• Records from a collection:
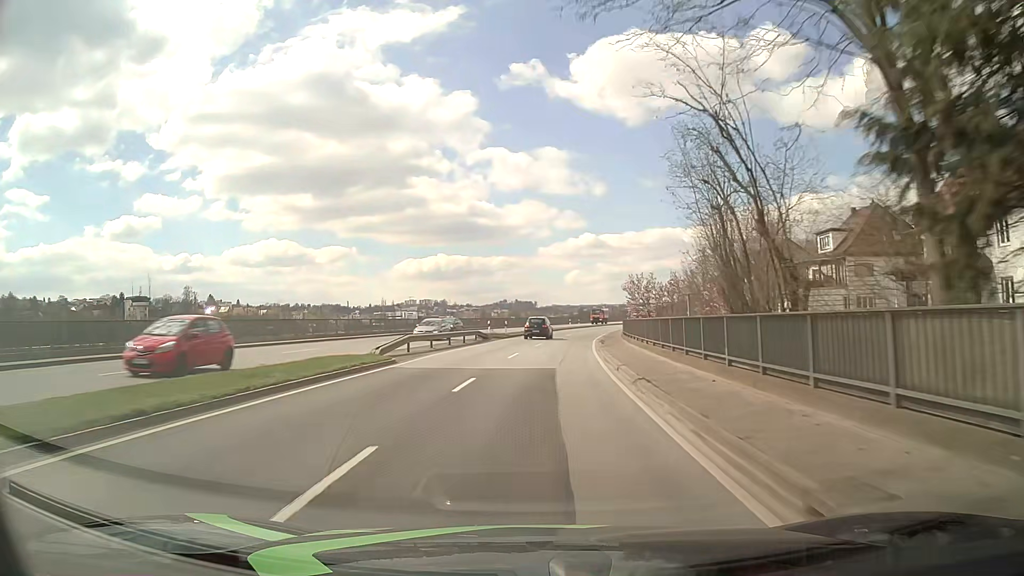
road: primary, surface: asphalt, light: Day
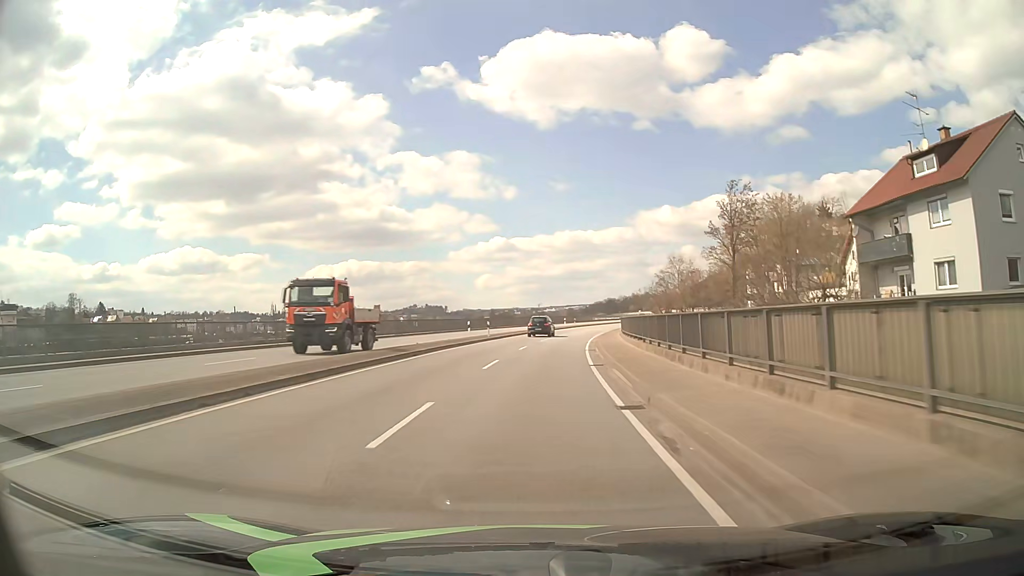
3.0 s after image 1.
(+3.7, +53.5) m; +8°
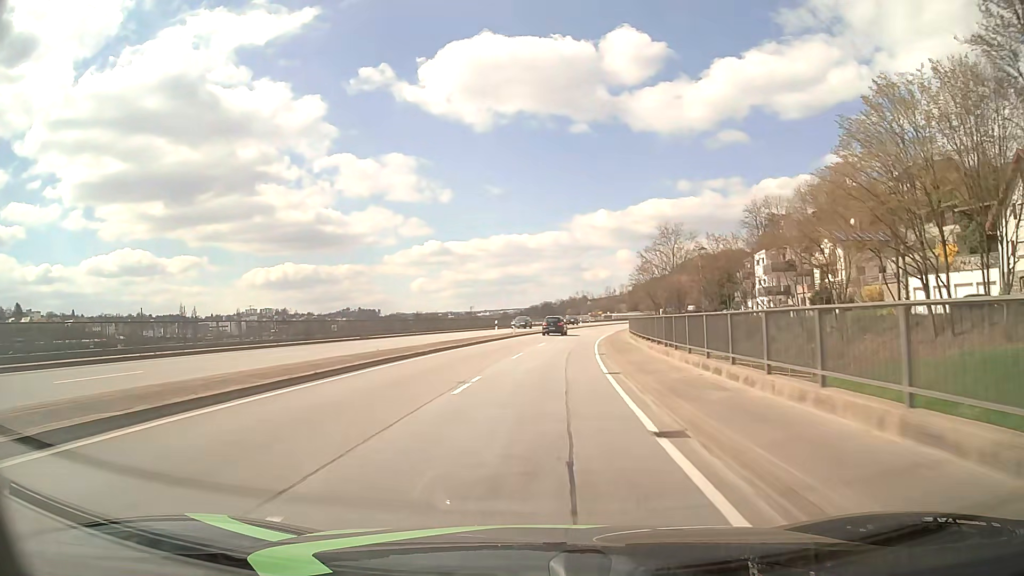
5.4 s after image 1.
(+2.1, +42.7) m; +5°
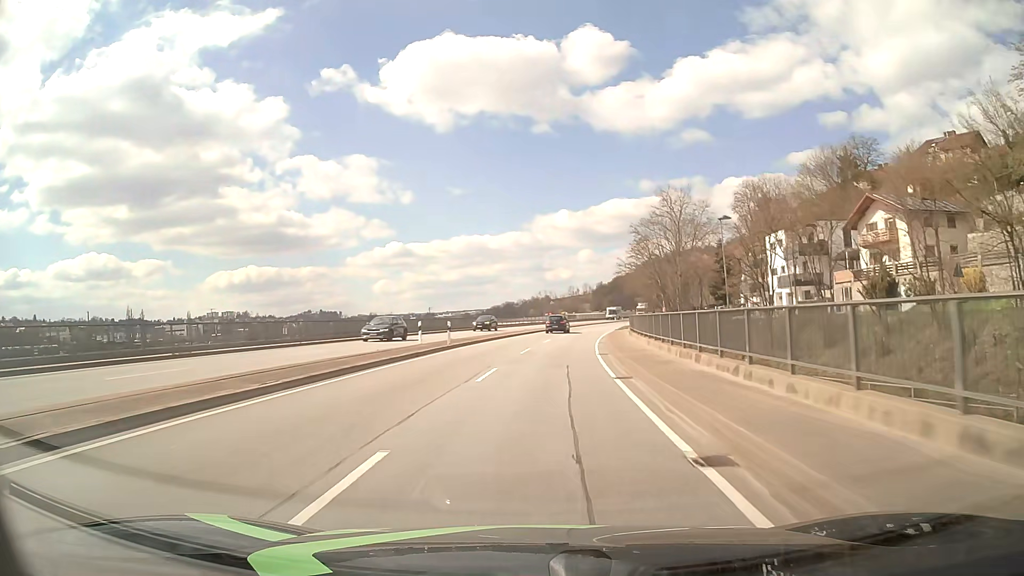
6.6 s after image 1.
(+0.7, +21.4) m; +3°
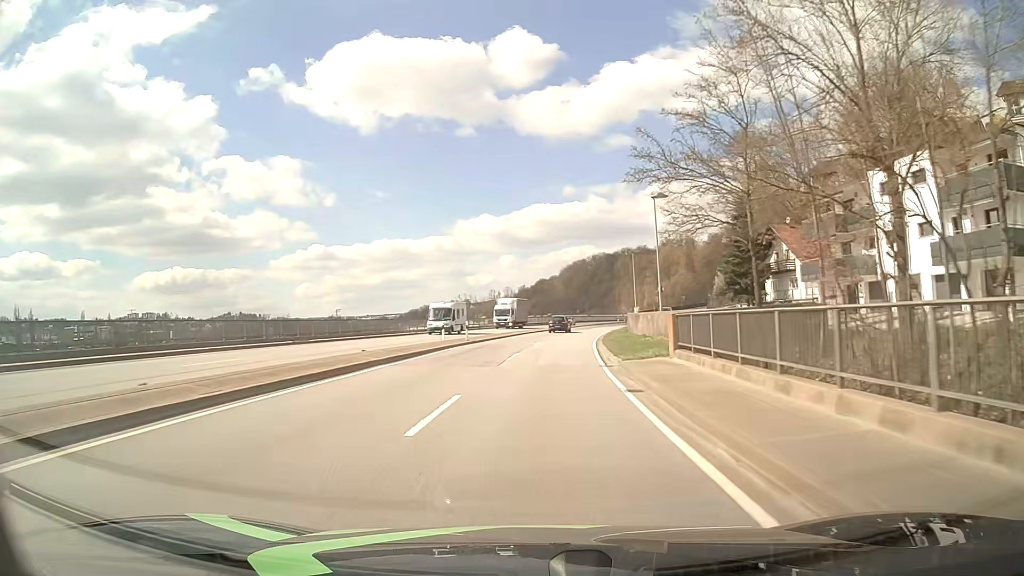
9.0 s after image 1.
(+2.4, +42.8) m; +7°
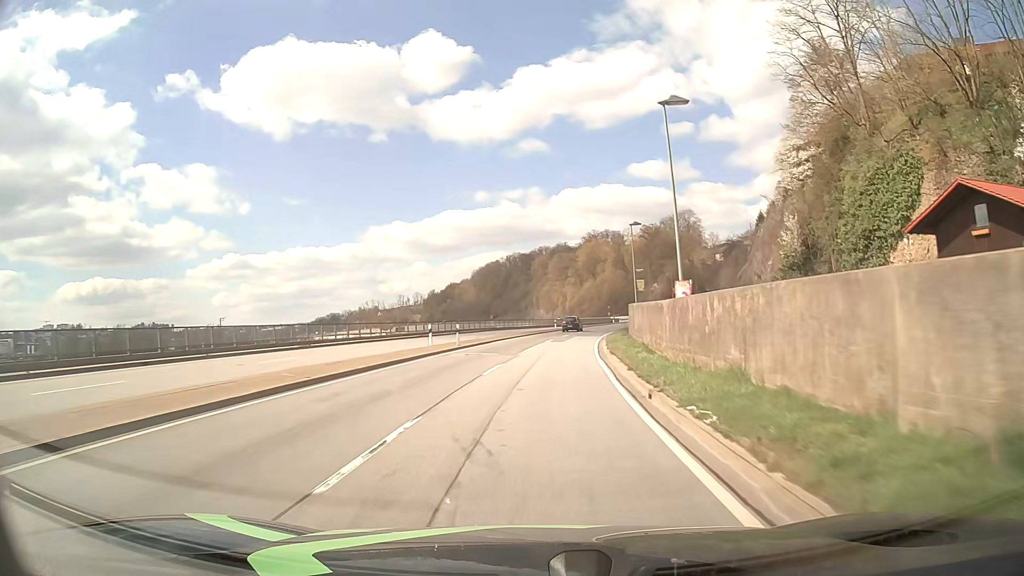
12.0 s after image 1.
(+3.5, +53.5) m; +7°
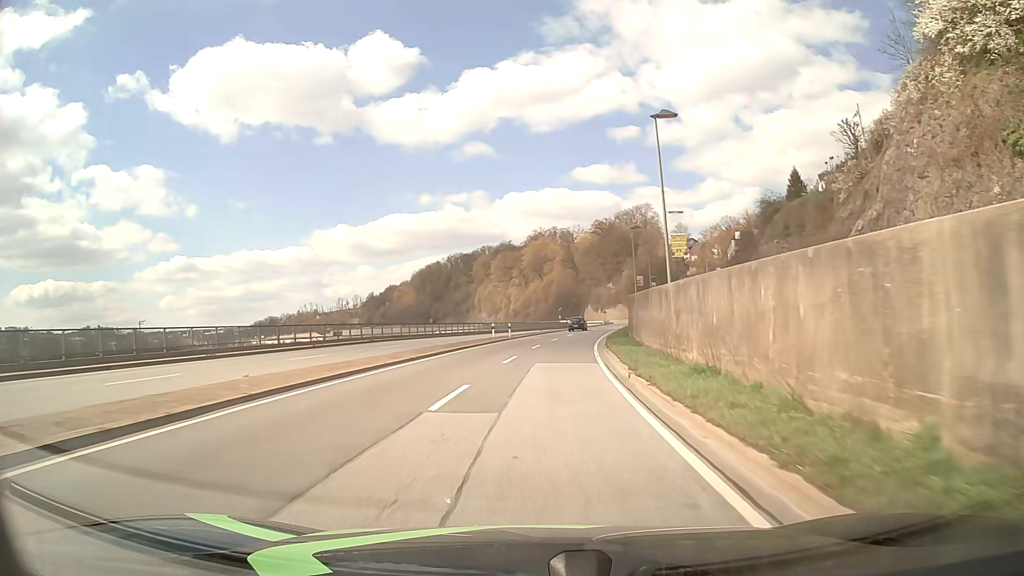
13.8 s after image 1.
(+1.4, +32.2) m; +5°
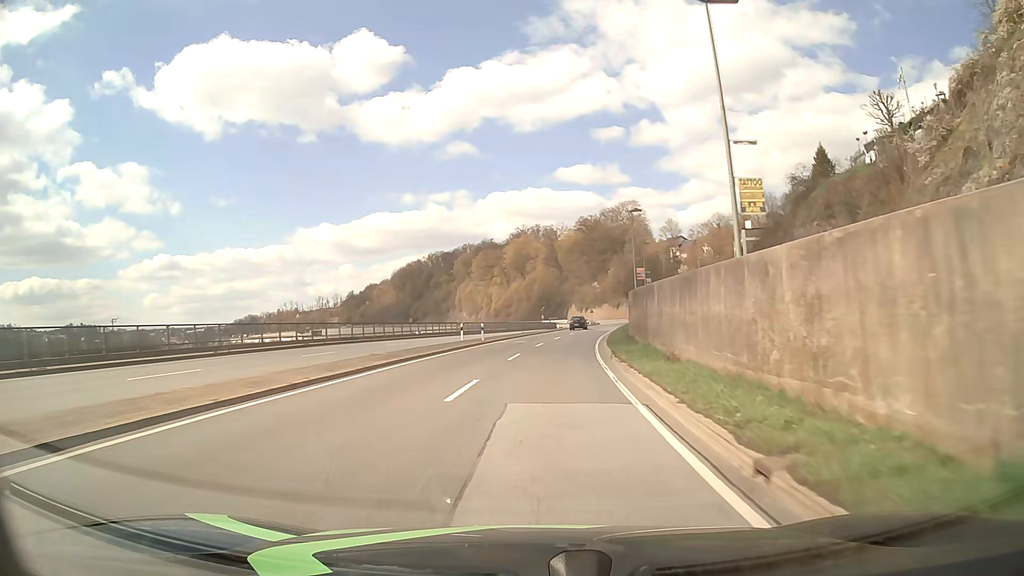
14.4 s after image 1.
(+0.2, +10.7) m; +2°
(0, +10) (0, +20) (+1, +30) (+2, +40) (+3, +50) (+4, +60) (+5, +70) (+7, +80) (+9, +89) (+10, +99) m

• PROBLEM DETAILS: The entries must be repeated exactly. Leave the images out.

• THE COMPLETED TASK:
road: primary, surface: asphalt, light: Day
3.0 s after image 1.
(+3.7, +53.5) m; +8°
5.4 s after image 1.
(+2.1, +42.7) m; +5°
6.6 s after image 1.
(+0.7, +21.4) m; +3°
9.0 s after image 1.
(+2.4, +42.8) m; +7°
12.0 s after image 1.
(+3.5, +53.5) m; +7°
13.8 s after image 1.
(+1.4, +32.2) m; +5°
14.4 s after image 1.
(+0.2, +10.7) m; +2°
(0, +10) (0, +20) (+1, +30) (+2, +40) (+3, +50) (+4, +60) (+5, +70) (+7, +80) (+9, +89) (+10, +99) m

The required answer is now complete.